Doob's consistency theorem: Under the above assumptions,

\begin{eqnarray} \P\left( \Pi(\cdot|X_{1:n}) \to \delta_Z(\cdot) \right) = 1, \end{eqnarray}

where $\delta$ denote the dirac distribution on the true parameter $Z$, and $\to$ denotes convergence in distribution. That is, $\mu_n \to \mu$ if for all continuous bounded $\phi$,

\begin{eqnarray} \int \phi (\tilde z) \mu_n(\ud \tilde z) \to \int \phi (\tilde z) \mu(\ud \tilde z). \end{eqnarray}

Notes:

  • This result is extremely useful in practice for debugging.
  • This result can break in non-parametric models.
  • van der Vaart, p.149 provides a proof of this result. Asymptotic normality also holds under additional conditions.
  • What if the prior $\Pi$ is very wrong (e.g. wrong support/structure)? Not much protection within the Bayesian framework for model mis-specification. Use frequentist validation! E.g.: cross validation, coverage assessment.

Well-specified Bayesian models exist, but can force us to be non-parametric

Let us make the discussion on de Finetti from last week more formal.

Recall: A finite sequence of random variables $(X_1, \dots, X_n)$ is exchangeable if for any permutation $\sigma : \{1, \dots, n\} \to \{1, \dots, n\}$, we have:

\begin{eqnarray} ({X_1}, \dots, {X_n}) \deq ({X_{\sigma(1)}}, \dots, {X_{\sigma(n)}}). \end{eqnarray}

Extension: A countably infinite sequence of random variable $(X_1, X_2, \dots)$ is (infinitely) exchangeable if all finite sub-sequence $(X_{k_1}, \dots, X_{k_n})$ are exchangeable.

Theorem: De Finetti (simple version): If $(X_1, X_2, \dots)$ is an exchangeable sequence of binary random variables, $X_i : \Omega' \to \{0,1\}$ then there exists a random variable $Z : \Omega' \to [0, 1]$ such that $X_i | Z \sim \Bern(Z)$.

In other words, if all we are modelling is a sequence of exchangeable binary random variables, we do not need a non-parametric model.
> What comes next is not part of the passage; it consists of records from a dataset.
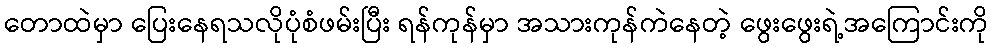
တောထဲမှာ ပြေးနေရသလိုပုံစံဖမ်းပြီး ရန်ကုန်မှာ အသားကုန်ကဲနေတဲ့ ဖွေးဖွေးရဲ့အကြောင်းကို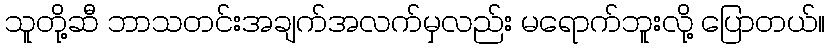
သူတို့ဆီ ဘာသတင်းအချက်အလက်မှလည်း မရောက်ဘူးလို့ ပြောတယ်။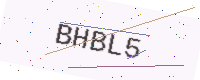
Text: BHBL5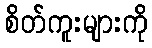
စိတ်ကူးများကို

On the other hand, if the $X_i$ are real, the situation is different:

Theorem: De Finetti (more general version, see Kallenberg, 2005, Chapter 1.1): If $(X_1, X_2, \dots)$ is an exchangeable sequence of real-valued random variables, the there exists a random measure $G : \Omega' \to (\sa_{\Omega} \to [0,1])$ such that $X_i | G \sim G$.

Supplementary references and notes

Robert, C. (2007) The Bayesian Choice. An excellent textbook, especially for the theoretically foundations of Bayesian statistics. Also covers many practical topics. Most relevant to this course are chapters 2, 3.1-3.3, 4.1-4.2.

van der Vaart, A.W. (1998) Asymptotic Statistics. Chapter 10 contains a formal treatment of the asymptotic properties of parametric Bayesian procedures. Note that a different treatment is needed for non-parametric Bayesian procedures.